Is that what you mean ????.

*Just seen your talking Royals, I'll leave it to some one that does Royals.*


----------



## alan1 (Nov 11, 2008)

gazz said:


> *Just seen your talking Royals, I'll leave it to some one that does Royals.*


OP could be talking about goldfish - cant see any clues anywhere...

* goes to find a goldfish expert*


----------



## markhill (Sep 22, 2006)

alan1 said:


> OP could be talking about goldfish - cant see any clues anywhere...
> 
> * goes to find a goldfish expert*


I wasn't sure, I just used royals cos I know a little bit about them


----------



## corny girl (Aug 30, 2009)

markhill said:


> Just means there is more than one gene in the snake
> 
> ie: Bumblebee= Double Co-dom, Spider x Pastel
> 
> ...



Isn't Spider thought to be dominant & not Co-dom as so far no Super form has been found?


----------



## bladeblaster (Sep 30, 2008)

corny girl said:


> Isn't Spider thought to be dominant & not Co-dom as so far no Super form has been found?

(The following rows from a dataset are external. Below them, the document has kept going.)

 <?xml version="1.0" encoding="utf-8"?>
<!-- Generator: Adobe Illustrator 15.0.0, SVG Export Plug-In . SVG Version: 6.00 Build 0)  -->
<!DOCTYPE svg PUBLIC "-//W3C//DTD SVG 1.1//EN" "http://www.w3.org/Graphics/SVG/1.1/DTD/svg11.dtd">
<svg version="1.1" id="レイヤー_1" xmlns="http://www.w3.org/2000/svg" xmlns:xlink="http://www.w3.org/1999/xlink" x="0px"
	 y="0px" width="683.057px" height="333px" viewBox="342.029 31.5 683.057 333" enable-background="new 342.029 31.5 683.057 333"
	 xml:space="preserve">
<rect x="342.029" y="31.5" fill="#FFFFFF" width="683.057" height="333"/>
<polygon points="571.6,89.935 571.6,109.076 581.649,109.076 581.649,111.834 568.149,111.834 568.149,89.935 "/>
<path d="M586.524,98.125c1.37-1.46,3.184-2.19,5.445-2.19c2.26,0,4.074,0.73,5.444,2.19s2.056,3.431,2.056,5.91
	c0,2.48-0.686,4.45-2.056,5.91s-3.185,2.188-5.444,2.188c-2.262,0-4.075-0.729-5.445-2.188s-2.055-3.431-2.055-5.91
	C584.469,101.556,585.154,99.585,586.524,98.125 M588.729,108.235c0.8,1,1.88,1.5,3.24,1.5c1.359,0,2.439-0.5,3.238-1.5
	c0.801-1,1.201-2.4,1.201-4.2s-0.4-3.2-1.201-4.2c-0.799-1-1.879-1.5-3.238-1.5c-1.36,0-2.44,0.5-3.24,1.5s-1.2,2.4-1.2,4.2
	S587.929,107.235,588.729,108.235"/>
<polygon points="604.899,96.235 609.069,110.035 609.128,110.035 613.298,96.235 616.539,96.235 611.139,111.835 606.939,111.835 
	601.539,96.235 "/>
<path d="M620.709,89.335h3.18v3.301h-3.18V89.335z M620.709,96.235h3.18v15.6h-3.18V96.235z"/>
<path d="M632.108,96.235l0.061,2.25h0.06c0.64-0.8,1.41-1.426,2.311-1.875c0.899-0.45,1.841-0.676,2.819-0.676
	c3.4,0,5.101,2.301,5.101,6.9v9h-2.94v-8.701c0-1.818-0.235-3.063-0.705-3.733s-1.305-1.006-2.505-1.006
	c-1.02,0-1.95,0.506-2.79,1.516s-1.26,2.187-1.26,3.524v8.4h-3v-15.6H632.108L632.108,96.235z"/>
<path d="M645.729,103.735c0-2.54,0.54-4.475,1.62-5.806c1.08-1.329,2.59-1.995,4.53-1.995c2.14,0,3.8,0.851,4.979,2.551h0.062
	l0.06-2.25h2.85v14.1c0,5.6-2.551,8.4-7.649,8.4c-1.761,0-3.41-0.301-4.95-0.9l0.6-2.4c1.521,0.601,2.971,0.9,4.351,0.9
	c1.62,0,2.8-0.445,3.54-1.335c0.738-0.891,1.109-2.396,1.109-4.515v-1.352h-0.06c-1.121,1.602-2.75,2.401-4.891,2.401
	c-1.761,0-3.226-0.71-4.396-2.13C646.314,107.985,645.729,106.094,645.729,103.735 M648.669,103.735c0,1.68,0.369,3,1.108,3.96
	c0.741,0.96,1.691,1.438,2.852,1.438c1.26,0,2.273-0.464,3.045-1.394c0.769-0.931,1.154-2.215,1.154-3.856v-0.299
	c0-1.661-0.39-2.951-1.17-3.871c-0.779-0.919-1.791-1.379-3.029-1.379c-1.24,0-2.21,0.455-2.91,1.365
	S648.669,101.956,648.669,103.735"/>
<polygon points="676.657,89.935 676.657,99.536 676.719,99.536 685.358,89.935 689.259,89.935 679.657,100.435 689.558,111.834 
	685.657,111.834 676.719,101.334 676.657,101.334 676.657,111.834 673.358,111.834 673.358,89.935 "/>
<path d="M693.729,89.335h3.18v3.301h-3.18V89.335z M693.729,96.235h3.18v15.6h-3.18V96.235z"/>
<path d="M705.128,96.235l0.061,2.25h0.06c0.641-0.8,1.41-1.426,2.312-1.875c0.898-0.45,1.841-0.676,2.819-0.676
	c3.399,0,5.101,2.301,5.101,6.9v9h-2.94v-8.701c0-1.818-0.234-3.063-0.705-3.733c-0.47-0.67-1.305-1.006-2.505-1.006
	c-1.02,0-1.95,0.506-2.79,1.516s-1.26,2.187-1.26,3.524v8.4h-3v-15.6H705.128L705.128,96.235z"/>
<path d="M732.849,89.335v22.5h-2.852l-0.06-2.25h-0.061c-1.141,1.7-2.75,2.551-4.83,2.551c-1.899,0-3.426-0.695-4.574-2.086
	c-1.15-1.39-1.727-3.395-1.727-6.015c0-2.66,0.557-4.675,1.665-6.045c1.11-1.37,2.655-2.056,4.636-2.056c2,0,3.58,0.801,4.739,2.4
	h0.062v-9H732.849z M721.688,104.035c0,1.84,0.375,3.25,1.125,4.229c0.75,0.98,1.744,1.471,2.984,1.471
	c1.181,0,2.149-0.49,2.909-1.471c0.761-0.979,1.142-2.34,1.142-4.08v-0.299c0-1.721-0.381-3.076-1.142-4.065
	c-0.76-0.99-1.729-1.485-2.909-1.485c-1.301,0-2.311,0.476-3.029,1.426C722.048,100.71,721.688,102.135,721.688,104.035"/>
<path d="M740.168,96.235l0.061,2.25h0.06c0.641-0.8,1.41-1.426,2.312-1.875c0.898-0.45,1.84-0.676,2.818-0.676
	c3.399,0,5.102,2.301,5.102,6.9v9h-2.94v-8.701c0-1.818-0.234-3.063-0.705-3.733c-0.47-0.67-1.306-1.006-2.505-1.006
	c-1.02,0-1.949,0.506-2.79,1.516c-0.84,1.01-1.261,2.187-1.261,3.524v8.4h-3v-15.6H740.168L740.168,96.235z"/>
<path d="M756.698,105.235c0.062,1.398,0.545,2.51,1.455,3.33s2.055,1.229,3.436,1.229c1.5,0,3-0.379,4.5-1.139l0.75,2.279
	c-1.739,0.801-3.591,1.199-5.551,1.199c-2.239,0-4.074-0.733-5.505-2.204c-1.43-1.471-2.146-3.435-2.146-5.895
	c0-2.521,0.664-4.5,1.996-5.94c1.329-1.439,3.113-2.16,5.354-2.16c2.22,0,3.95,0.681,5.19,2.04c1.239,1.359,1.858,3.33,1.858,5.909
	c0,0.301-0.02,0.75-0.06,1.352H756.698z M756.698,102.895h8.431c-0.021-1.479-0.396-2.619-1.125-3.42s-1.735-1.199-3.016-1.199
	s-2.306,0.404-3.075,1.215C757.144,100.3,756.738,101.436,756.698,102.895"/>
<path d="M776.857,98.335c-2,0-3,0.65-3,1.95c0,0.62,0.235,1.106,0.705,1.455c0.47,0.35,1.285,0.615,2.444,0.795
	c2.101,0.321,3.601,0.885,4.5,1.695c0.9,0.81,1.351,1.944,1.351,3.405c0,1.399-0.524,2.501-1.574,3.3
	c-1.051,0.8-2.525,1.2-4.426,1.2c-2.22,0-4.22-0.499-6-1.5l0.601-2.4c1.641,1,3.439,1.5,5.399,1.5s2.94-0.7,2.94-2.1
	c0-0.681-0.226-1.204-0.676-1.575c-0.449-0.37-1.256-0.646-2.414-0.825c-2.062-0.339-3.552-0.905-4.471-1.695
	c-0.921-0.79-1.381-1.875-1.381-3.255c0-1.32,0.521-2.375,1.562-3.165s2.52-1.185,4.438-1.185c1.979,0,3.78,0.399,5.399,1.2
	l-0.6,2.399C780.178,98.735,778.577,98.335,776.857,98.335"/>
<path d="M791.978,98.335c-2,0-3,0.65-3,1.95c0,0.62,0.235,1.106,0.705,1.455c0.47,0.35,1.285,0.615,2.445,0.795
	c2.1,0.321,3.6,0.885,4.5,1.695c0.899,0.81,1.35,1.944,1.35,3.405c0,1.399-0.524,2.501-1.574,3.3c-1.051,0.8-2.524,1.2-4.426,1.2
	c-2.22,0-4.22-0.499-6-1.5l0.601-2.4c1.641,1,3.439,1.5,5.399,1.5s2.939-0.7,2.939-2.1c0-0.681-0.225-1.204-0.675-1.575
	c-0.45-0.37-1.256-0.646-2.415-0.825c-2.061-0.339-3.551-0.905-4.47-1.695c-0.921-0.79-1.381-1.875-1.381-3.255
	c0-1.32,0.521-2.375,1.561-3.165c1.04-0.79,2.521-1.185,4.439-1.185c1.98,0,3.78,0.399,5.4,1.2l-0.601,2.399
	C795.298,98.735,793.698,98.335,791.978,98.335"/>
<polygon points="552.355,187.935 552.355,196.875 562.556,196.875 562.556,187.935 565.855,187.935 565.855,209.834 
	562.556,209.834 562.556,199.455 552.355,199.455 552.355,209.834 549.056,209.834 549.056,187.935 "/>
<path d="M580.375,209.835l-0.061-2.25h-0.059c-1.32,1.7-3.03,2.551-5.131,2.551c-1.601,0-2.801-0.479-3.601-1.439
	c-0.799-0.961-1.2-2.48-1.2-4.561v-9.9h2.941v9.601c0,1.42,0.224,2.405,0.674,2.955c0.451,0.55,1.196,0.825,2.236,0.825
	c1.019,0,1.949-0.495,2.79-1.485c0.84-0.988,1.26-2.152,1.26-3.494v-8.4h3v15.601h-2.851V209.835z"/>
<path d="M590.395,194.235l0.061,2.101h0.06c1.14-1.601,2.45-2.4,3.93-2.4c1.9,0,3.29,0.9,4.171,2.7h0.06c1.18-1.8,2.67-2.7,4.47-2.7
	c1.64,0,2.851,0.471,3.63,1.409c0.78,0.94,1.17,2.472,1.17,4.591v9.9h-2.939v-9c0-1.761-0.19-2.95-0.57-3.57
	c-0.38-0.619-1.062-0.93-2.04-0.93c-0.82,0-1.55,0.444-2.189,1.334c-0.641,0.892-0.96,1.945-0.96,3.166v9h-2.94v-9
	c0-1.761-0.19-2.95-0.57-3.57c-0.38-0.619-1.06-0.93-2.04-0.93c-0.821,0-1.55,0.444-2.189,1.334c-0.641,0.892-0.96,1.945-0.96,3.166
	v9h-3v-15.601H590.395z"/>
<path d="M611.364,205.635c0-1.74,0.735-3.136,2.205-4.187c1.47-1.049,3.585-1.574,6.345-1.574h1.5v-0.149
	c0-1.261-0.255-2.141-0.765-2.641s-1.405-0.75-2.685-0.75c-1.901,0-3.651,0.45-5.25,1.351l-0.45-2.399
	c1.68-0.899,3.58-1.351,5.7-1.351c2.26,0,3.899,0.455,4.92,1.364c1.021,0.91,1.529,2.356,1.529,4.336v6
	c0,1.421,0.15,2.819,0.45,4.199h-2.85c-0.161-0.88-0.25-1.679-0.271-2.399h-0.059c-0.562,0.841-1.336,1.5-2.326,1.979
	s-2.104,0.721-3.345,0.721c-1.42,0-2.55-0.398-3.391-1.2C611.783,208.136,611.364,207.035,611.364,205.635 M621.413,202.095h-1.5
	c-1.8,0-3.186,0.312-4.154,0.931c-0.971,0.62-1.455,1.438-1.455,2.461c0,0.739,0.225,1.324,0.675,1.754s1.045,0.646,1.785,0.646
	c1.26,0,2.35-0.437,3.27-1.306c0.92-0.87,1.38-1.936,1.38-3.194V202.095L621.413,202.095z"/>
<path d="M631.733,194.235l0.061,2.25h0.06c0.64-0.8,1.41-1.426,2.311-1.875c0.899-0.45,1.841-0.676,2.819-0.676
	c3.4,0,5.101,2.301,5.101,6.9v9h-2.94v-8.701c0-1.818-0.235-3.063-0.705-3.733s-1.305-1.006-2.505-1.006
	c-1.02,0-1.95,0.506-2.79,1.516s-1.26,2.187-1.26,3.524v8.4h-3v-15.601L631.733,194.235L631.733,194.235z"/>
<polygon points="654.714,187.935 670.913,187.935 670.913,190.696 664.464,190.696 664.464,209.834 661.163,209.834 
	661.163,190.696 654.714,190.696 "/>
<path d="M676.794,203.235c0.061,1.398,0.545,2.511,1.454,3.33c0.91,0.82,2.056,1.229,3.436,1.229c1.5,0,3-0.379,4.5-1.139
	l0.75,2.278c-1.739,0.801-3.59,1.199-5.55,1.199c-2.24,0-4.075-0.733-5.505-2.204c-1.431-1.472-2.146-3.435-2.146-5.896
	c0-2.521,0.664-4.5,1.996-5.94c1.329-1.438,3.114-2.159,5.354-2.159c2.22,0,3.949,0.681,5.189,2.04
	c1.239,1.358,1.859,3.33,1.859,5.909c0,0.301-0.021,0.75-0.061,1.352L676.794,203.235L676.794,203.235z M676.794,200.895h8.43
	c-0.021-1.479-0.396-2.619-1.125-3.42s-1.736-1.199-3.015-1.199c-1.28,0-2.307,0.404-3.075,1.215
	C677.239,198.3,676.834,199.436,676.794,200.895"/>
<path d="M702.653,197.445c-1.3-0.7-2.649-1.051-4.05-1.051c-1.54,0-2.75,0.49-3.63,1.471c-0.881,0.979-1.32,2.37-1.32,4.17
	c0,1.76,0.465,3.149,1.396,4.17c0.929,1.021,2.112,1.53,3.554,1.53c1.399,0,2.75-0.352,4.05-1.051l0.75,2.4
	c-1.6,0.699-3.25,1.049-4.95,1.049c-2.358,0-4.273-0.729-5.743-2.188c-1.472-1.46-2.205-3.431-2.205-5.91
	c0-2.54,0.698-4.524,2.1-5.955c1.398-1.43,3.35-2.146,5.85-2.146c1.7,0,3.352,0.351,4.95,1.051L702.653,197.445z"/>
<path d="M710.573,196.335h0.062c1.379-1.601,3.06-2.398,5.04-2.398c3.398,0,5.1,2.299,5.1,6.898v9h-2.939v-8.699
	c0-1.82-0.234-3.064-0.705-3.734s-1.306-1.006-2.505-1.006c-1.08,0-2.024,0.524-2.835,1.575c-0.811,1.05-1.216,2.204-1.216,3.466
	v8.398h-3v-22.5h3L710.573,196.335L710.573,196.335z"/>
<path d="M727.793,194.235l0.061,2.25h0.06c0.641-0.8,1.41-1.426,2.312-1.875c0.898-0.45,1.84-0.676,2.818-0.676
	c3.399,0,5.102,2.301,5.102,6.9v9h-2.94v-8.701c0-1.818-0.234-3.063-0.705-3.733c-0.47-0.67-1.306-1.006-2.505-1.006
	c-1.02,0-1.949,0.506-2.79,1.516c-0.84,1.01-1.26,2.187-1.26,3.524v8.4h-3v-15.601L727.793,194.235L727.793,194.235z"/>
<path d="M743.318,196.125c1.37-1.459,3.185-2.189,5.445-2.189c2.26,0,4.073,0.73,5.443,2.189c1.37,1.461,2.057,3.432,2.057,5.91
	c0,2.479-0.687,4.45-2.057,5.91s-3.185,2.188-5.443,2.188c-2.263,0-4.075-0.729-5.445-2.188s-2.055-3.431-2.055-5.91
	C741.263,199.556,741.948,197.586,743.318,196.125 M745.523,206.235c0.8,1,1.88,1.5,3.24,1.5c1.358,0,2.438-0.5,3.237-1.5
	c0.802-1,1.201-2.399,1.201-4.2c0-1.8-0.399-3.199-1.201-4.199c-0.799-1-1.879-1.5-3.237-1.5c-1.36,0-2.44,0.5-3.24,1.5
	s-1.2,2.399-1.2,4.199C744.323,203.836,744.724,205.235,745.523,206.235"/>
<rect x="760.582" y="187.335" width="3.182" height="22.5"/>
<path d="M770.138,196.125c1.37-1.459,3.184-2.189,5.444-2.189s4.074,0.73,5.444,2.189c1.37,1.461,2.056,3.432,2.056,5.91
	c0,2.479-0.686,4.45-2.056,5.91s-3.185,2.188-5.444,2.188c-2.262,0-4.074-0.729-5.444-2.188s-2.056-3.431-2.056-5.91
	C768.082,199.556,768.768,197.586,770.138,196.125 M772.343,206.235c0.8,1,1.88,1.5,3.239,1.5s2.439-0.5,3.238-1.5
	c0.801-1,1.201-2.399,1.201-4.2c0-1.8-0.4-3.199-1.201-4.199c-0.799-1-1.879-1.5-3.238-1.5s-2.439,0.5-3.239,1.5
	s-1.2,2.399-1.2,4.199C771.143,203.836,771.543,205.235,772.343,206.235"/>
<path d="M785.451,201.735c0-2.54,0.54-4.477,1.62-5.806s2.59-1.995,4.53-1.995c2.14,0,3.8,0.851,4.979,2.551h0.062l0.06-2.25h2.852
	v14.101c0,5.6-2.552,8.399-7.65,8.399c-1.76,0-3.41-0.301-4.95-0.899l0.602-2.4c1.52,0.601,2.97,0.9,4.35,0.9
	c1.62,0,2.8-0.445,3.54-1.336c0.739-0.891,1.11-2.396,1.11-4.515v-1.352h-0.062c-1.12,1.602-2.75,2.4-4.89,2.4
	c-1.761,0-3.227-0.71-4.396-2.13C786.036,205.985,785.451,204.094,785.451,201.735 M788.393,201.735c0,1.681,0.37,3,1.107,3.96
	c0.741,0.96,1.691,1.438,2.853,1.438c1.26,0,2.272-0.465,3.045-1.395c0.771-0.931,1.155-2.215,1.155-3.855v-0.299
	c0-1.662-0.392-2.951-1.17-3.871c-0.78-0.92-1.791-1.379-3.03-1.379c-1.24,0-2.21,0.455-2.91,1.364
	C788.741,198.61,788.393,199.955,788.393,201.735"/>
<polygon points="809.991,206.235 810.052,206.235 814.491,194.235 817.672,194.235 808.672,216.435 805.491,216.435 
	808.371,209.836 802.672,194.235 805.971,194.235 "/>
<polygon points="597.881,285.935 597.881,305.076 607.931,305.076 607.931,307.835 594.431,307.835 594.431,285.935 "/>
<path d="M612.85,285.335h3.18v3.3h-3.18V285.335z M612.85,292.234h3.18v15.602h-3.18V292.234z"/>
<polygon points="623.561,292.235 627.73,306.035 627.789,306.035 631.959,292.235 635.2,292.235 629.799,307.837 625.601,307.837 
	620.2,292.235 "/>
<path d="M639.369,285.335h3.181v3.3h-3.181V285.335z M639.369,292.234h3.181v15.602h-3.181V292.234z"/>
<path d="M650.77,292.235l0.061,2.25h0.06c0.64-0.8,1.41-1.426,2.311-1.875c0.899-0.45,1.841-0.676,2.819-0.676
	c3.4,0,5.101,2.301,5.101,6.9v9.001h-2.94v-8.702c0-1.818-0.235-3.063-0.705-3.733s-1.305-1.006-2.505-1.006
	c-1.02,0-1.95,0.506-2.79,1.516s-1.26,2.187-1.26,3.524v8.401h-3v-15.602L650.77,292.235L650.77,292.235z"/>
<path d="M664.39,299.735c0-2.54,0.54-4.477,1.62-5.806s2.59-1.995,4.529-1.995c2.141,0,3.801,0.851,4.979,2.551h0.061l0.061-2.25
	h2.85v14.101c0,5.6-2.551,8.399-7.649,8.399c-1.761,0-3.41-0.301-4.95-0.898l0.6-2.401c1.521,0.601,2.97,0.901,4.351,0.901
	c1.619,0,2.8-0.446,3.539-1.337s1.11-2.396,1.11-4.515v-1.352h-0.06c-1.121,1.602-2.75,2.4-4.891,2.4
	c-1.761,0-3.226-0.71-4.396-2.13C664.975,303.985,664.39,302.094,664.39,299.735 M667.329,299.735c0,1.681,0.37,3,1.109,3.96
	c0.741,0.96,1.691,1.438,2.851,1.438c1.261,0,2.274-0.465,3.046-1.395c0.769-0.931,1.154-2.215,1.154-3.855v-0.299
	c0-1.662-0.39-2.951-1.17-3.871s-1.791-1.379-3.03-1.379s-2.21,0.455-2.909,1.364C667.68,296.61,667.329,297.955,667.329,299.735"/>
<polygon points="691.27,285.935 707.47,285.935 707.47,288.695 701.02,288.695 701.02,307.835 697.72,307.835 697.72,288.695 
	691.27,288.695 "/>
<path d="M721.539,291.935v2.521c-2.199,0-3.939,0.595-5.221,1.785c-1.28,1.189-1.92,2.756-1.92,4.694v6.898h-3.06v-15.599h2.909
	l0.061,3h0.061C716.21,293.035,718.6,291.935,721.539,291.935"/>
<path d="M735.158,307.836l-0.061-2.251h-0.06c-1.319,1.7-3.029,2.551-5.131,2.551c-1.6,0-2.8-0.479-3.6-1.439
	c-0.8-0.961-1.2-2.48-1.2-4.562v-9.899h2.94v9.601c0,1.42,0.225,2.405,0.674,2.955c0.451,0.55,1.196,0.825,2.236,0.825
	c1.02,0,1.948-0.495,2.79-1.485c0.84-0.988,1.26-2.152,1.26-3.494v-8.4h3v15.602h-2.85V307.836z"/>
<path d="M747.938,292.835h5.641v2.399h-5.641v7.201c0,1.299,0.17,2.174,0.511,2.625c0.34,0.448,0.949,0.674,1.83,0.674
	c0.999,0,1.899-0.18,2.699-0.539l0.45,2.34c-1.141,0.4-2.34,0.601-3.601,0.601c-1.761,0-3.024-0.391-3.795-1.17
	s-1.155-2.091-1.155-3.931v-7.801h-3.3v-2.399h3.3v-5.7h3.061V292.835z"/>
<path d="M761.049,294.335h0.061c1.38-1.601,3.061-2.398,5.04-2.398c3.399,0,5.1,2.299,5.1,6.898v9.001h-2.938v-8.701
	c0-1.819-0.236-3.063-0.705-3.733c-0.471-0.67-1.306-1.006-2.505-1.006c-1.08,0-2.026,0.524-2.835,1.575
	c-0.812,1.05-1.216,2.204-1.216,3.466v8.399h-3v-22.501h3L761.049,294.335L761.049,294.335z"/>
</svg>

no super form has sucessfuly hatched


----------



## markhill (Sep 22, 2006)

corny girl said:


> Isn't Spider thought to be dominant & not Co-dom as so far no Super form has been found?


dont you start:whip:, 
as I just explained to Alan it was a beer induced late night slip:blush:


----------



## paulh (Sep 19, 2007)

firebelliedfreak said:


> can someone clear these up for me
> i.e. double co-dom doulble recessive and double dominant and in triples please


Here's an answer to the questions I think you are asking. 

There are two genes in a gene pair. The normal or wild type gene is the most common gene in the wild at each gene location in the cell chromosomes. There are many thousands of gene locations, but we ignore all but the ones that do not contain normal genes.

Two genes (A and a) make three gene pairs, AA, Aa, aa. By the way, I am using A and a like unknowns in algebra. They can be defined however you wish, as long as they are potential members of the same gene pair.

If A is dominant to a, then the AA and Aa animals look alike, and neither looks like the aa animals. Three pairs of genes that produce two appearances.

If a is recessive to A, then the AA and Aa animals look alike, and neither looks like the aa animals. Three pairs of genes that produce two appearances.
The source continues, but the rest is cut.